START AVAILABLE DATA
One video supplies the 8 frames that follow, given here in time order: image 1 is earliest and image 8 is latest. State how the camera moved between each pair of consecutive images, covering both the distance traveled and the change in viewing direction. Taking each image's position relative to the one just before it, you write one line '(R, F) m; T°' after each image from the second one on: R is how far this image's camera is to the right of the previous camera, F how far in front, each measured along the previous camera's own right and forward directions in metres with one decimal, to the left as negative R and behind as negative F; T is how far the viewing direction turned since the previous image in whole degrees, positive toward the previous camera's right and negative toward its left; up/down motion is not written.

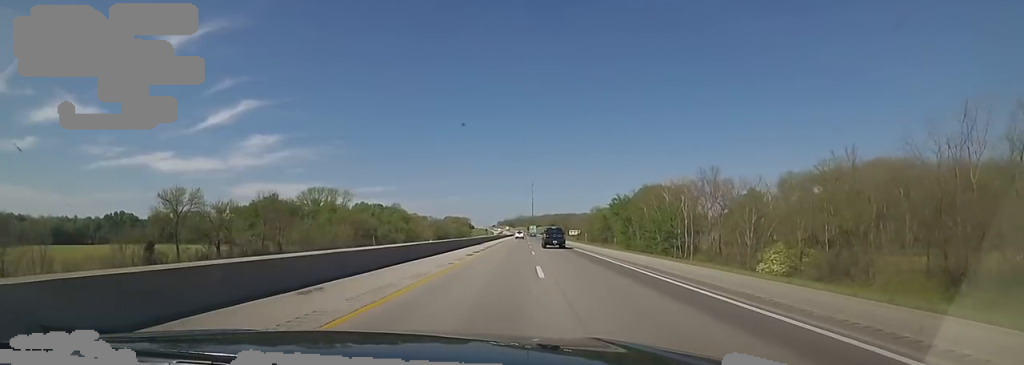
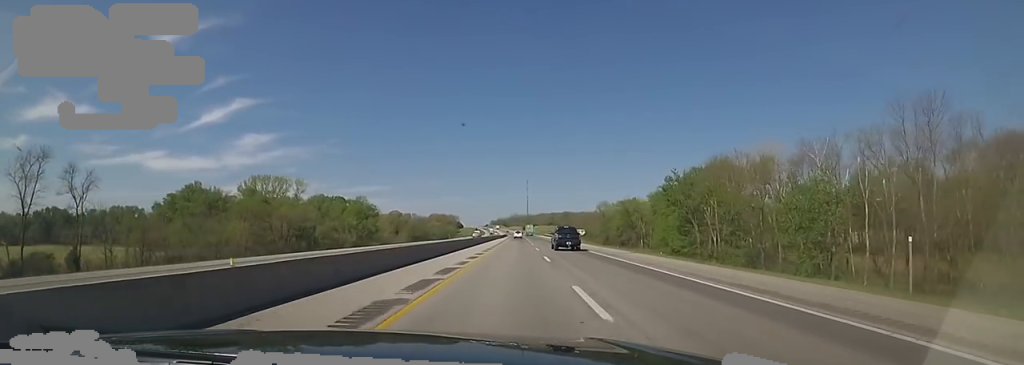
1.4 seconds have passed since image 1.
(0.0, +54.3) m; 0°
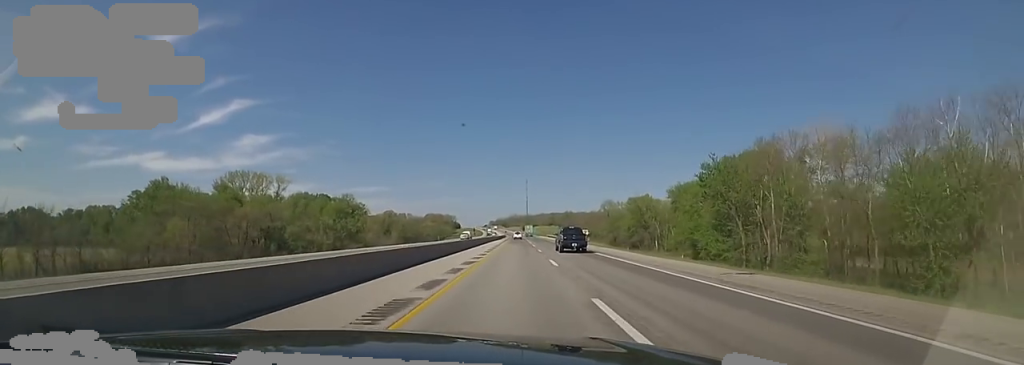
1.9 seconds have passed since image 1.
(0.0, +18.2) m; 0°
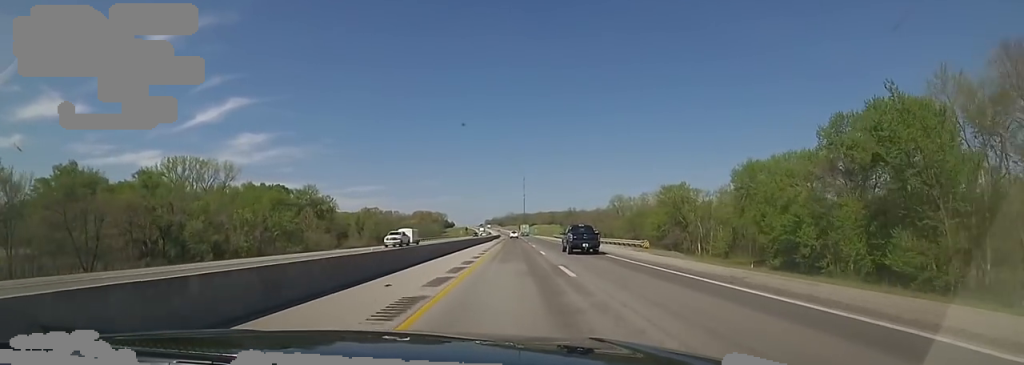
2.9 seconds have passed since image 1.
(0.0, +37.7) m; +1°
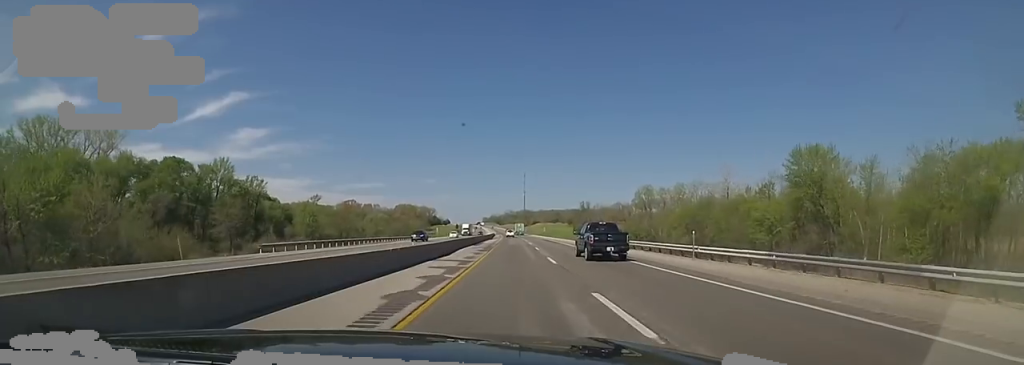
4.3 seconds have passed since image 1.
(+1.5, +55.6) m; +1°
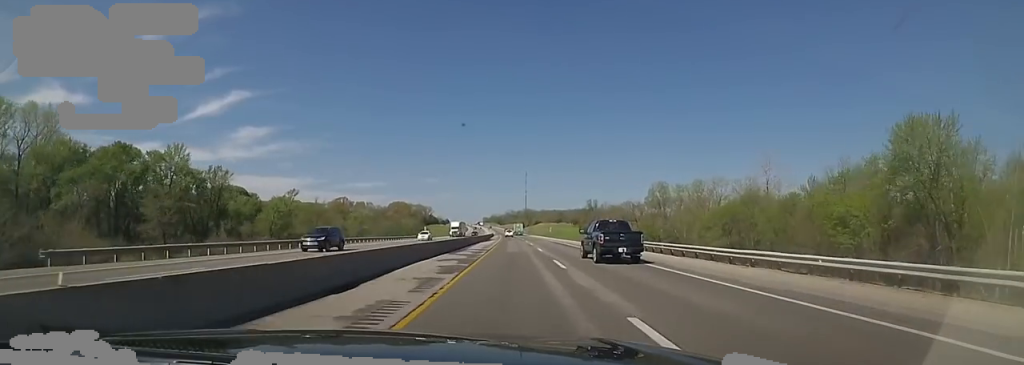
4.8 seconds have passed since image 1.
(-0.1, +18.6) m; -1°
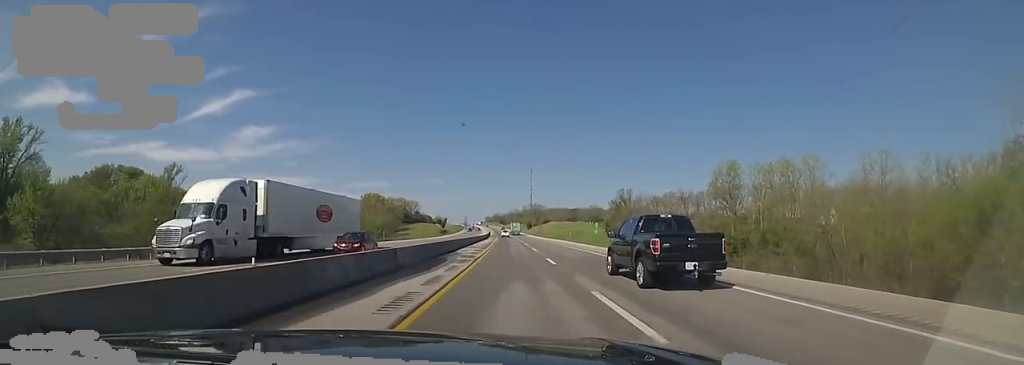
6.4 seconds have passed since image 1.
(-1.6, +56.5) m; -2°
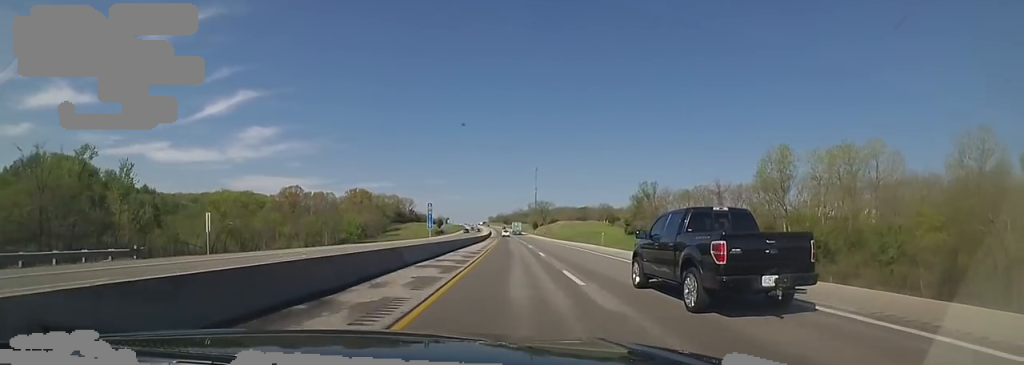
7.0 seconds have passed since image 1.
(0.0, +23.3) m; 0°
END AVAILABLE DATA
START AVAILABLE DATA
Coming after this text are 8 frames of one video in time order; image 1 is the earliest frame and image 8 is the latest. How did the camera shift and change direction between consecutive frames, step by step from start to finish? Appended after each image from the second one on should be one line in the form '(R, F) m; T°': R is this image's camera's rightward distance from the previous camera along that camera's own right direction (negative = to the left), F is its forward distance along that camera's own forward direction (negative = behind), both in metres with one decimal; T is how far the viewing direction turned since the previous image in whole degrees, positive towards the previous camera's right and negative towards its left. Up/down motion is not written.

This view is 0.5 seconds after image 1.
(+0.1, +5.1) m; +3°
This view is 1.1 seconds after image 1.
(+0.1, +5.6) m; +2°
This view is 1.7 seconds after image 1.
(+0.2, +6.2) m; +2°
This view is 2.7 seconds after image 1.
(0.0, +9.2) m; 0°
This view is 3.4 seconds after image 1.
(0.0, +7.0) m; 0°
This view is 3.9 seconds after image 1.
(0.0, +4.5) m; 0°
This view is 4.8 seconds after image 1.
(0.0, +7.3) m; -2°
END AVAILABLE DATA
START AVAILABLE DATA
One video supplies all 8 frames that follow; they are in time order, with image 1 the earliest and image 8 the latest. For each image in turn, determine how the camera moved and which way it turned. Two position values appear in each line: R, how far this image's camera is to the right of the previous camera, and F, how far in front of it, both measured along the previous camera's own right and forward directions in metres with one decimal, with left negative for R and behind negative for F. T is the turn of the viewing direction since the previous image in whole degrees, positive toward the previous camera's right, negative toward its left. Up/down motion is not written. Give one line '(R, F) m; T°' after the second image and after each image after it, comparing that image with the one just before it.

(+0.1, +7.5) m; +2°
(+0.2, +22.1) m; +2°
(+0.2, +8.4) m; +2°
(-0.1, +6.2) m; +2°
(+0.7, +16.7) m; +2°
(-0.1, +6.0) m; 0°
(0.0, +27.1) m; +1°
END AVAILABLE DATA
Copy out every line above where "from" is present.

One video supplies the 8 frames that follow, given here in time order: image 1 is earliest and image 8 is latest. State how the camera moved between each pair of consecutive images, covering both the distance traveled and the change in viewing direction. Taking each image's position relative to the one just before it, you write one line '(R, F) m; T°' after each image from the second one on: R is how far this image's camera is to the right of the previous camera, F how far in front, each measured along the previous camera's own right and forward directions in metres with one decimal, to the left as negative R and behind as negative F; T is how far the viewing direction turned since the previous image in whole degrees, positive toward the previous camera's right and negative toward its left; up/down motion is not written.
Coming after this text are 8 frames of one video in time order; image 1 is the earliest frame and image 8 is the latest. How did the camera shift and change direction between consecutive frames, step by step from start to finish? Appended after each image from the second one on should be one line in the form '(R, F) m; T°': R is this image's camera's rightward distance from the previous camera along that camera's own right direction (negative = to the left), F is its forward distance along that camera's own forward direction (negative = behind), both in metres with one decimal; T is how far the viewing direction turned since the previous image in whole degrees, positive towards the previous camera's right and negative towards its left. Up/down motion is not written.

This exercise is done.